Hanan Porat  (on the left) in the Knesset, 1988
Hanan Porat born Hanan Spitzer was an Israeli rabbi, educator and politician who served as a member of the Knesset for Tehiya, the National Religious Party, Tkuma and the National Union between 1981 and 1984 and 1988 and 1999.

(12 December 1943 – 4 October 2011) 

Biography

Porat was born in Kfar Pines in 1943, during the Mandate era. In 1944, his family moved to Kfar Etzion. In early 1948, during the Arab riots of 1948, Kfar Etzion was besieged and the children were evacuated to Jerusalem. Porat's father also moved there to arrange convoys.[1] After the Kfar Etzion massacre, his family settled in Kfar Pines.[2] Porat studied at the Bnei Akiva yeshiva high school, Yeshivat Kerem B'Yavneh and the Mercaz HaRav talmudic college, and was ordained as a rabbi. He worked as a religious teacher at several yeshivas.[2]

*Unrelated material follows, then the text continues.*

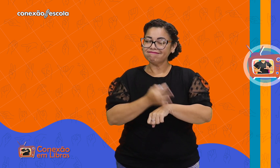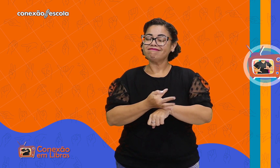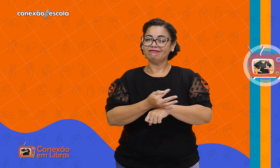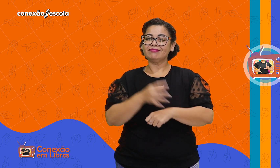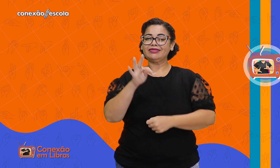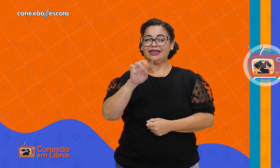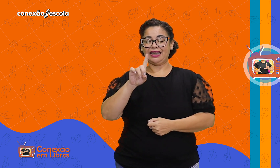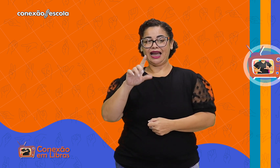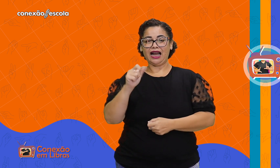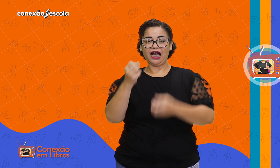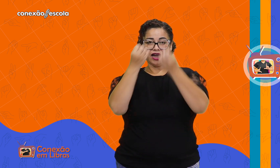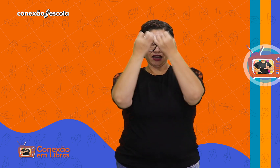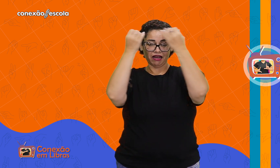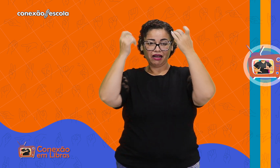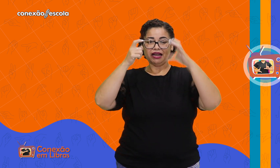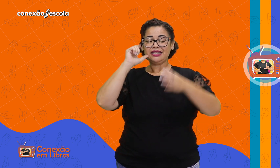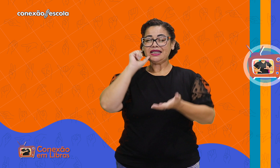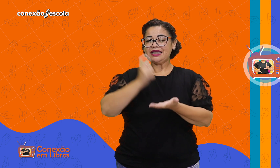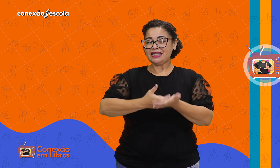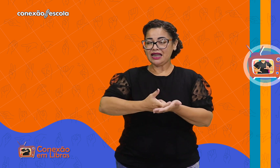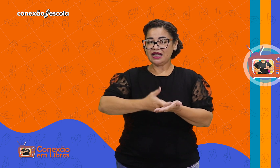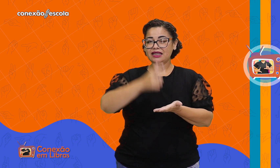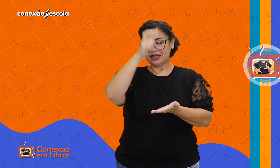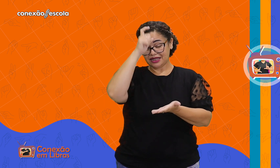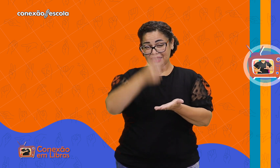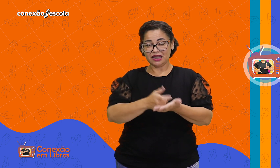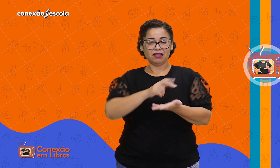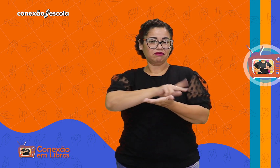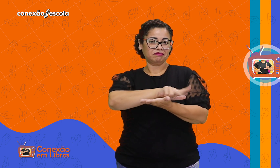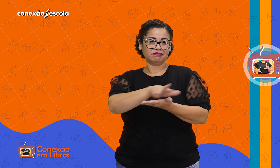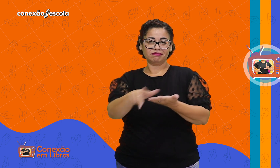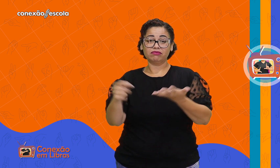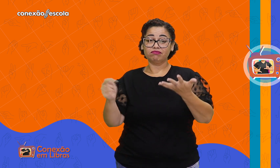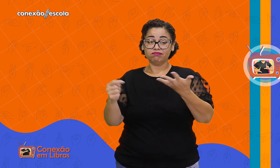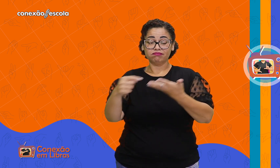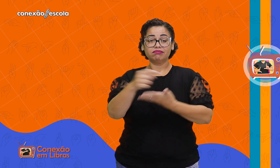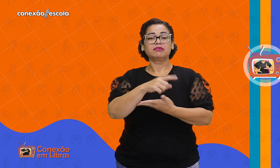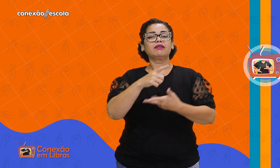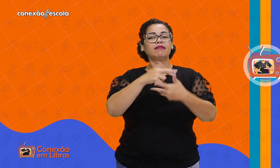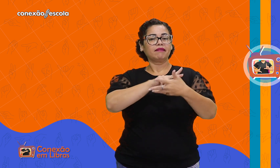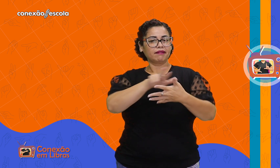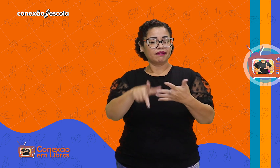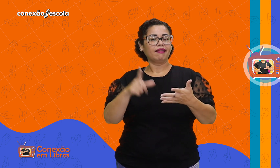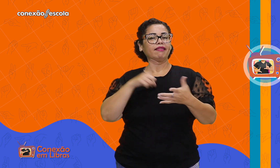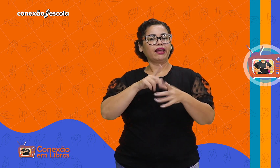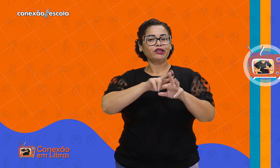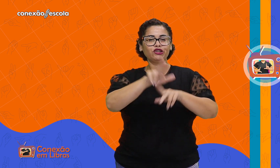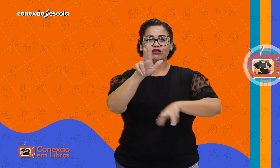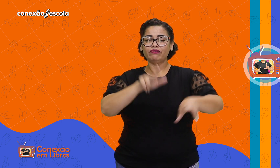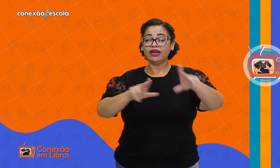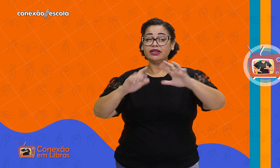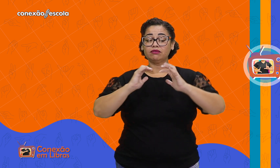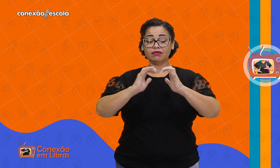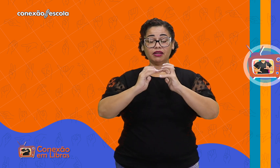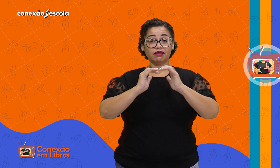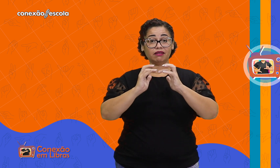PDH, a dislexia, entre outros. São todas condições que envolvem diferenças

He served in the Paratroopers Brigade of the Israel Defense Forces during the Six-Day War and was among the troops that captured the Temple Mount. He later said that the Israeli victory should have become a national holiday.[3] After the Six-Day War he helped re-establish the Gush Etzion settlement bloc in the West Bank. He convinced Prime Minister Levi Eshkol to grant permission to settle in Gush Etzion.[4] He was badly wounded in the Yom Kippur War of 1973 on the bank of the Suez canal. He recovered and was amongst the founders of Gush Emunim movement, which founded over 100 Israeli settlements.[2] In 1975 he led the founding of Elon Moreh, the first Israeli settlement in the West Bank, in Sebastia.[5]

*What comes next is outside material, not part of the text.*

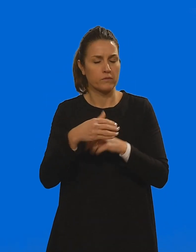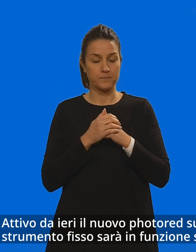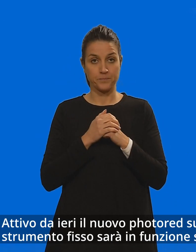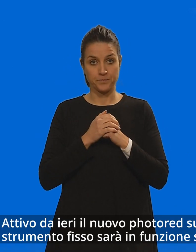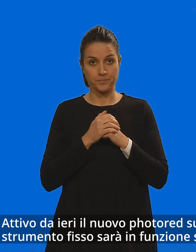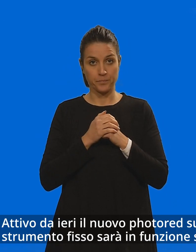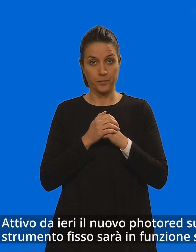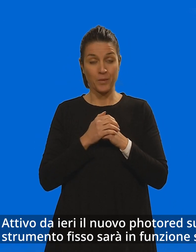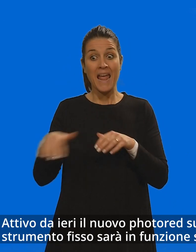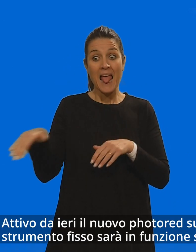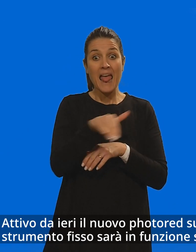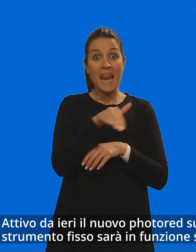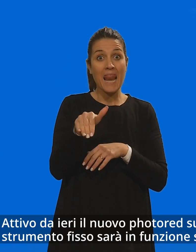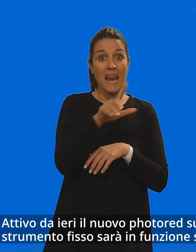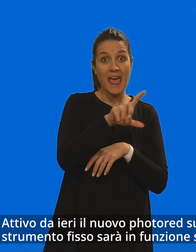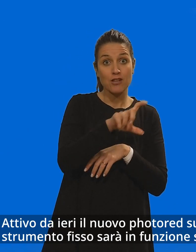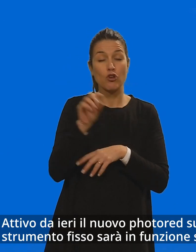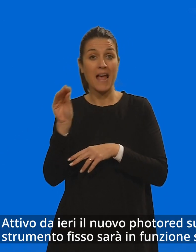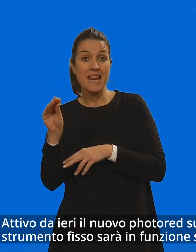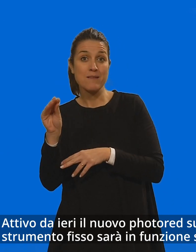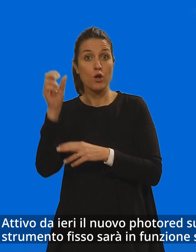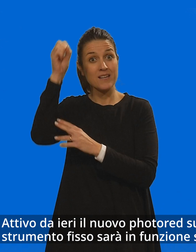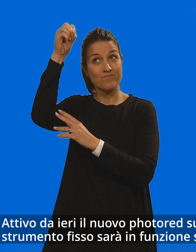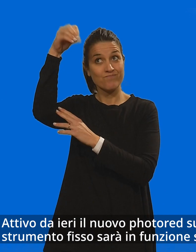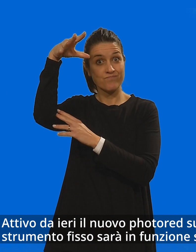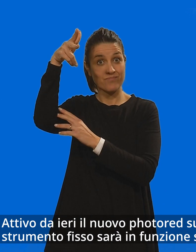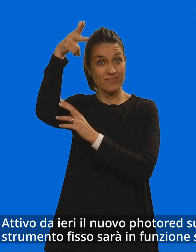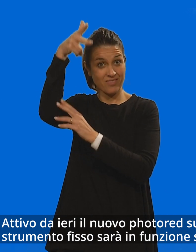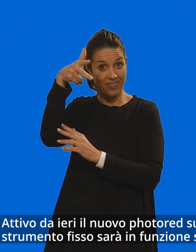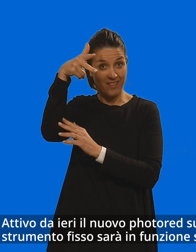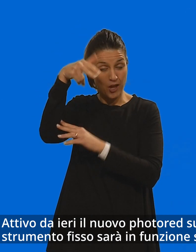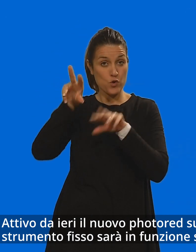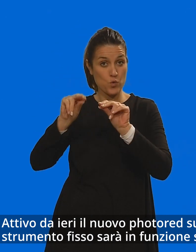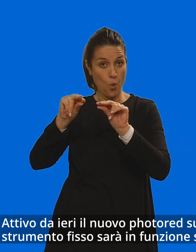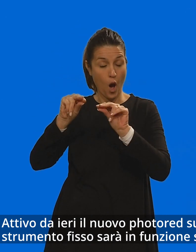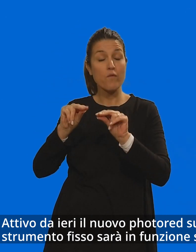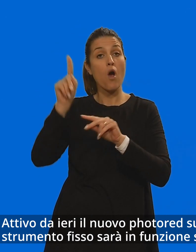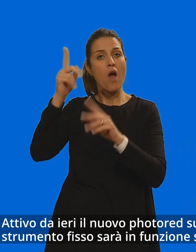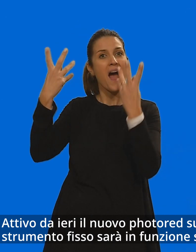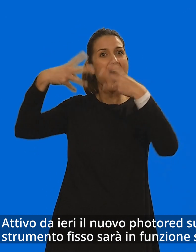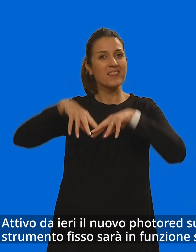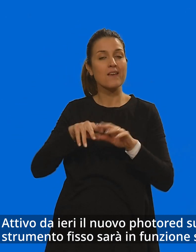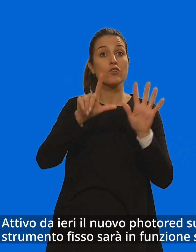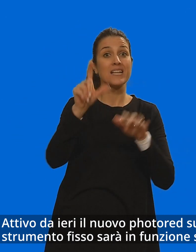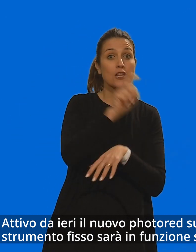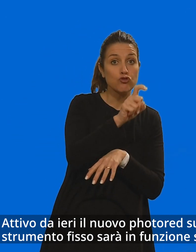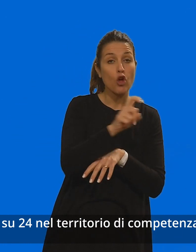Attivo da ieri il nuovo FotoRed sulla Lecce Gallipoli. Lo strumento fisso sarà in funzione 7 giorni su 7 e 24 ore

In the 1981 elections he was voted into the Knesset on the Tehiya list. He resigned on 7 March 1984, towards the end of the Knesset term, and was replaced by Zvi Shiloah. After the evacuation of Yamit in 1982, he announced his intention to build new settlements in parts of the Land of Israel still not in Israeli hands.[6] In 1995, he convinced Prime Minister Yitzhak Rabin not to hand over Rachel's Tomb to the Palestinian Authority. He tried to repeat that in 2008.[7] Prior to Israel's disengagement from Gaza, he instructed youngsters in Neve Dekalim in Gush Katif to disrupt evacuation forces.[8]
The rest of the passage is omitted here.